Jerusalem: God Among Snow, Hail, and Sunshine; God Among Jews, Christians, and Muslims

Kate Lukaszewicz | Educator

Day 2 | 2022 Inside Israel: Educational Leadership Seminar

Today’s sojourn brought us to touchstones of intersecting histories. We braved March snow, a rarity in Jerusalem, to stand atop the Mount of Olives, staring across the valley towards the Temple Mount, another site for another day. Christian tradition holds that the Mount of Olives is the site from which Jesus Christ bodily ascended into Heaven, and Christian tradition holds that it is to this site that Christ will return for Judgment Day. The valley between the two Mounts holds a Jewish cemetery, and in their faith tradition, these bodies will be the first to be resurrected and to enter the Holy City. For Muslims, the two Mounts will be connected by a bridge the width of a single hair and the valley will be filled with flames; only the holiest will make it across the bridge. While the End of Day narratives of these three major monothestics faiths manifest differently, all three faiths spring from a singular devotion to the God of Abraham. 

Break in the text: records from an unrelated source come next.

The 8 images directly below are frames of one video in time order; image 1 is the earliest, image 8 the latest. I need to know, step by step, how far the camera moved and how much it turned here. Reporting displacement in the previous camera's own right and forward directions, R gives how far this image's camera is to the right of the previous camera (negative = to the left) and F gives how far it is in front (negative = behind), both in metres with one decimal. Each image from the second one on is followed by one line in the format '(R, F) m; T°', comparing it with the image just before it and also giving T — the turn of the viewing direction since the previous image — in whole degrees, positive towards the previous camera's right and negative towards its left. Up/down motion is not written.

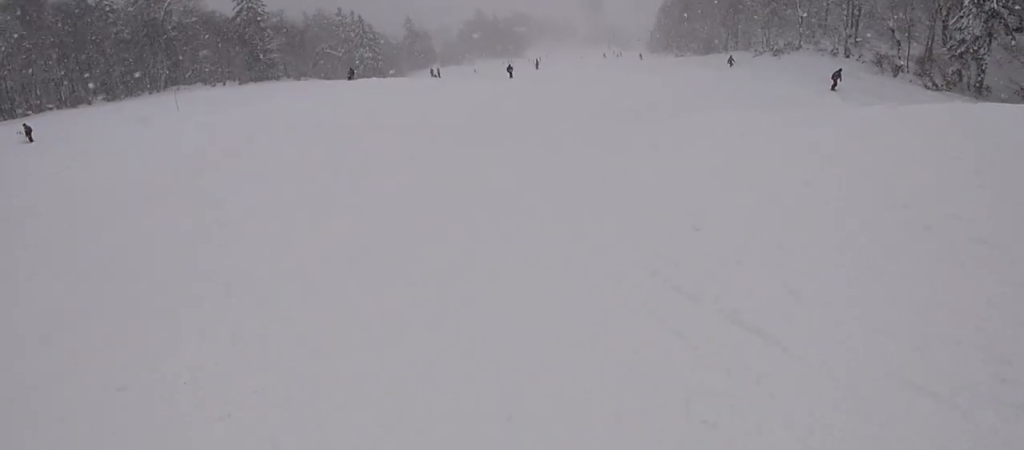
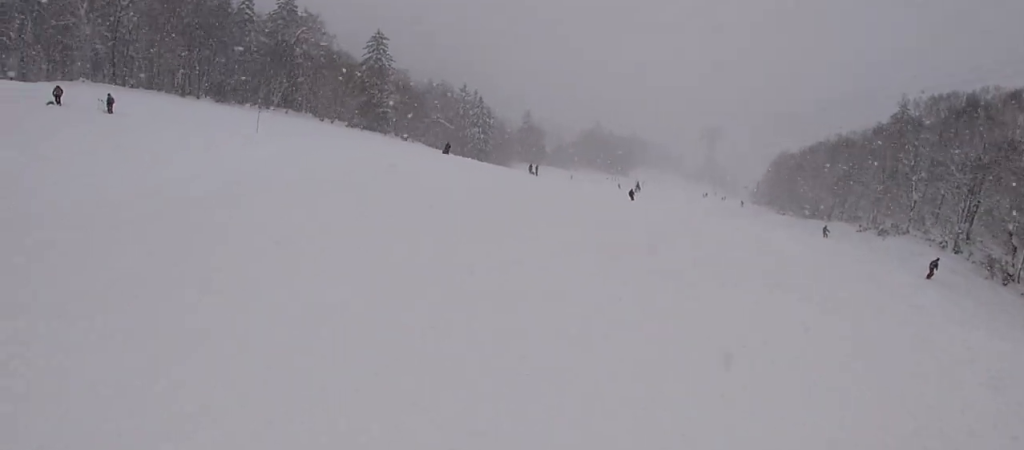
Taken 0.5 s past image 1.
(-0.1, +3.4) m; -6°
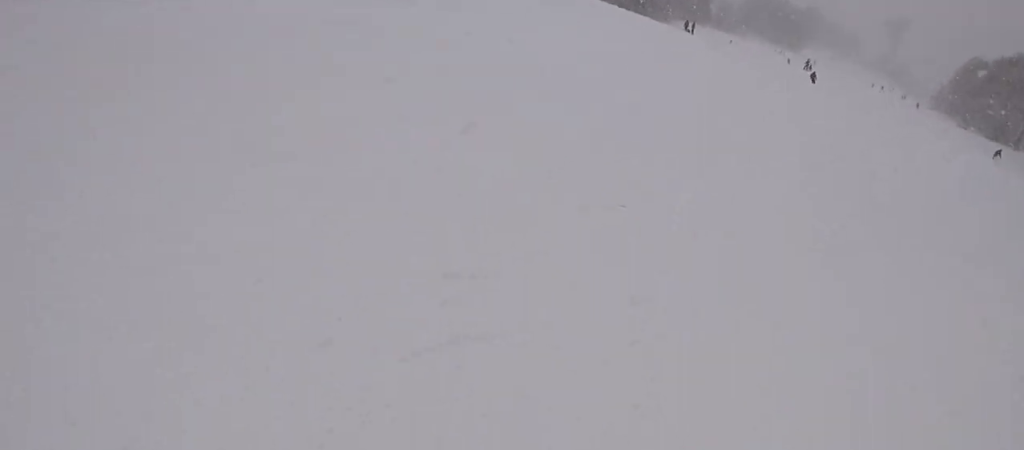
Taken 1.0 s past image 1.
(-0.8, +3.2) m; -11°
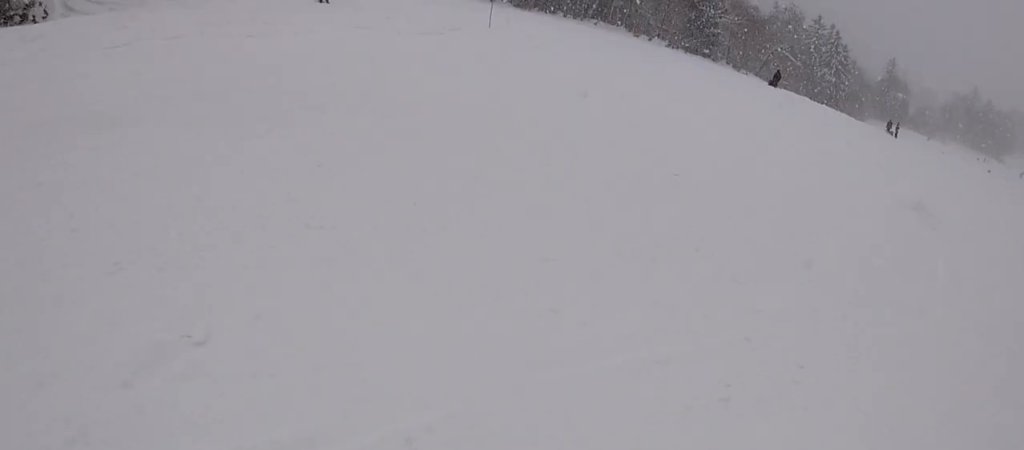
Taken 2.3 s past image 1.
(-1.1, +9.0) m; -7°
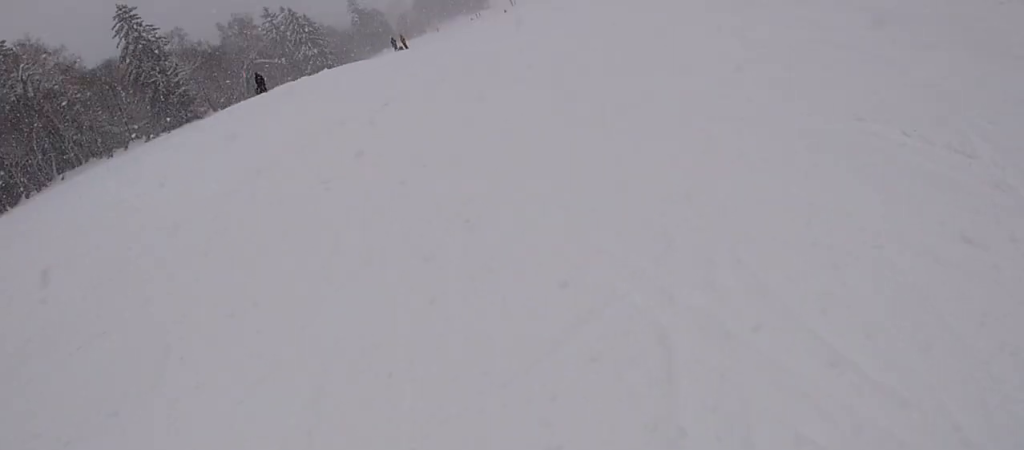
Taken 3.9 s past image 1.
(+1.8, +9.3) m; +24°
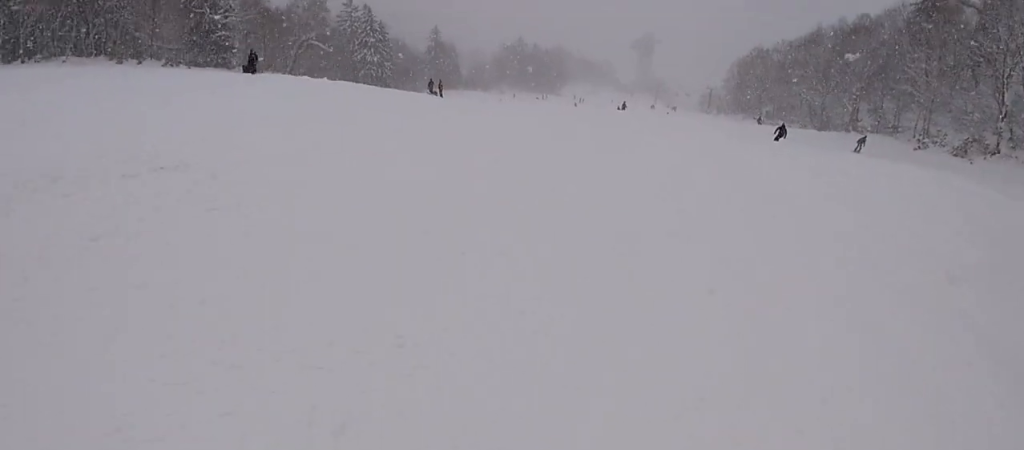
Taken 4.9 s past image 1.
(+0.6, +5.9) m; -4°
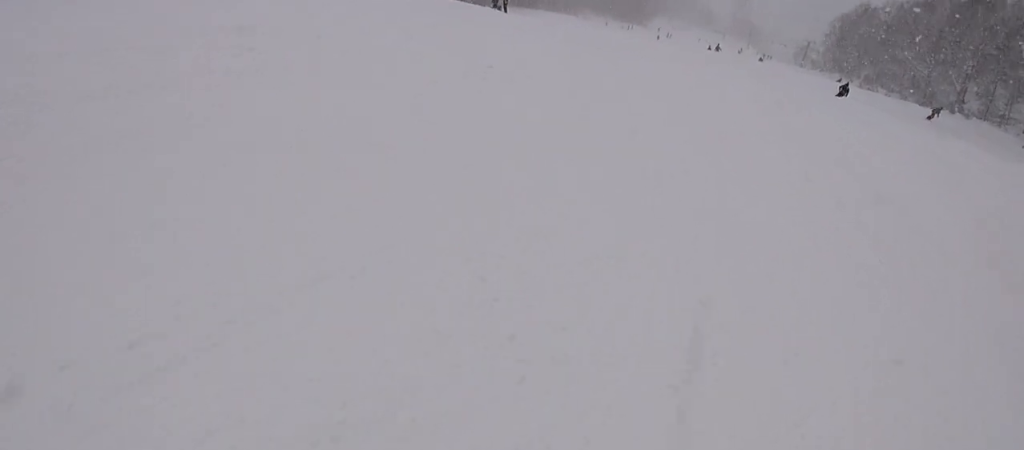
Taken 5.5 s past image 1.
(-0.1, +3.3) m; -6°
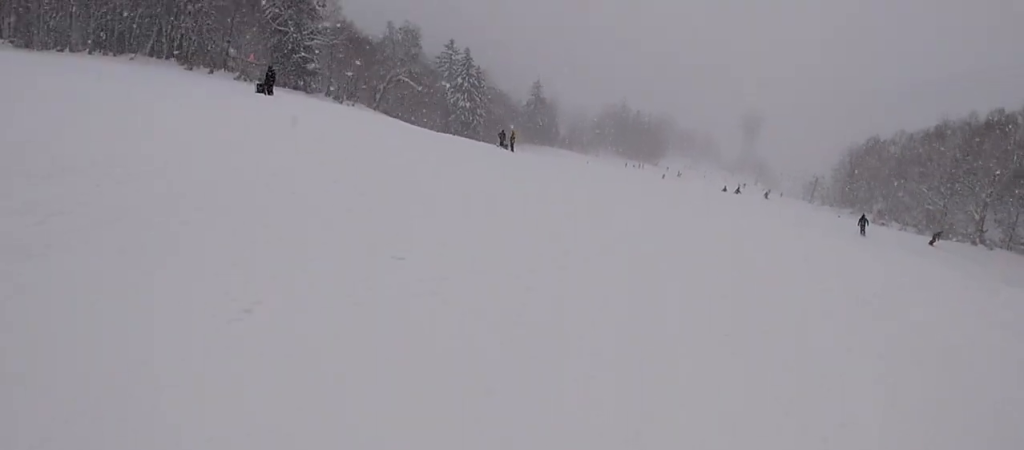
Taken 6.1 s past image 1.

Our bus descended Mount of Olives and our group alighted at the Basilica of the Agony, the Roman Catholic Church that marks the spot where Judas betrayed Christ to the Romans and set in motion Christ’s arrest, crucifixion, and resurrection, the bedrock of Christian theology, the timing appropriately apt for the Christians among our group who are in the Lenten season. We took in this story at the Garden of Gethsemane, beneath a reprieve of sunshine, before stepping into the Basilica during an English-language Mass as the priest was preparing the Eucharist and the congregants were praying the “Our Father.” It was providential timing. 

Avi at City of David

Much of our day was spent in the ancient City of David, land of the great Jewish king, a direct ancestor of Jesus Christ and an important prophet in Islam. We encountered excavation sites whose discoveries date to the era of the First Temple, built by the wise King Solomon.  We wove in and out of the ancient tunnels, exposing ourselves to sunshine, wind, drizzle, and, at one point, bouncing hail. But it was in a moment of sunshine that our tour guide Avi let us linger, listening to the adhan, the Muslim call to prayer at 11:48 am; this Dhuhr prayer marks the sun at its highest point at the sky. It was awesome, I thought, to hear one faith’s holy call to prayer while standing in a site so central to other faiths. And in so many places in Jerusalem this week, playful reminders that Purim is approaching, a joyful holy day within Judaism. Adhan- Muslim Call to Prayer

In these faiths, the prayers, celebrations, and lamentations are expressed differently, but there is devotion to the same God of Abraham, steadfast for these faith-filled peoples, no matter the religion and no matter the weather.